Şenol Güneş'in Dünya Kupası üçüncülüğünden sonra nasıl altının oyulduğunu hatırlayın. Saçlarının taranmasından tutunda, çapsızlığına kadar varan futbol harici eleştirilerin hepsinden nasibini almıştı. Çünkü o süreçte birileri Ersun Yanal'ın pazarlamacılığına soyunmuştu. Genç, hedefleri olan, modern futbolu bilen ve hepsinden önemlisi zamanı geldiğinde rahatça harcanabilecek bir teknik adamdı Yanal! Öylede oldu zaten. Bugün her kötü oynadığı maçtan sonra Hakan Şükür futbolu ne zaman bırakacak diye soran adamlar, Ersun Yanal, Hakan'ı milli kadrosuna almadığı için bir kalemde silmişlerdi. Bunların hepsi birer darbeydi. O dönemde Galatasaray'dan ko-vulurcasına yollanan Fatih Terim'i milli takımın başına getirenler, eminim böylesi bir sürecinde hesabını yapmışlardır.
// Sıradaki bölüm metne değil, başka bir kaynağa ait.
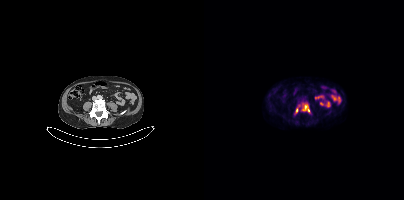
Coordinates are on the 200×200 PET (right) panel. (showing 2 of 3 foci) PSMA-avid tumor lesion bounding boxes (x, y, width, height): x=98 y=103 w=8 h=10 / x=92 y=108 w=3 h=6.
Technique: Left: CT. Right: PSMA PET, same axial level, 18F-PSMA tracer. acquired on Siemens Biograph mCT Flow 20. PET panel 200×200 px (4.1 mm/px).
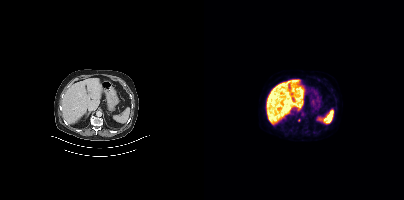
Findings: Coordinates are on the 200×200 PET (right) panel. Small PSMA-avid focus (2 to 4 px across) near (center x, center y): (94, 120).

Fatih Terim'in kariyerini tartışmak futbol cahilliğidir. Ancak bu böyleyken o dönemde ki Galatasaray'ı tartışmamakta cahillik olur. Tüm Galatasaray orta sahasını, Hagi'yi, Taffa-rel'i ve güçlü bir Hakan Şükür'ü ele almadan Fatih Terim portresini çizemeyiz. İyi bir teknik adam, iyi bir kadro ve iyi bir kulüp yönetimiyle farkını ortaya koyar. O dönemki Galatasaray'da bunların hepsi vardı. 2002-2003 sezonunda ki ikinci Galatasaray macerasında ise tam bir hayal kırıklığıydı Terim. Çünkü takım dağılmış, Hagi futbolu bırakmış ve Galatasaray Kulübü kötü yönetilmeye başlanmıştı. Bugün 6-0 la ve 150 milyon dolarlık mali çıkmazlarla hatırlanan bir dönemdir o dönem.

Şimdi Sinyor Terim yeni bir krizle karşı karşıya. Eskiden sadece Galatasaray medyasının birkaç kalemiyle uğraşması gerekirken, şimdi bütün spor medyası ona karşı. Oysa milli takımın problemi sadece Fatih Terim değildir. Aslında vasat futbolculardan oluşan bu takımın başında Sir Ferguson ya da Mourinho'da olsa bir şey fark etmez. Çünkü kötü bir takımın yanı sıra, devamında kötü yönetilen bir federasyon ve karaktersiz bir futbol medyası var.

Özetle söyleyecek olursak, yıllardır Terim'in karizmasıyla ezilen futbol medyasının intikam sesleridir bu sesler. Yoksa ne Malta beraberliği ne de Terim'in yetersizliğidir neden. Keşke öyle olsaydı ama değil işte!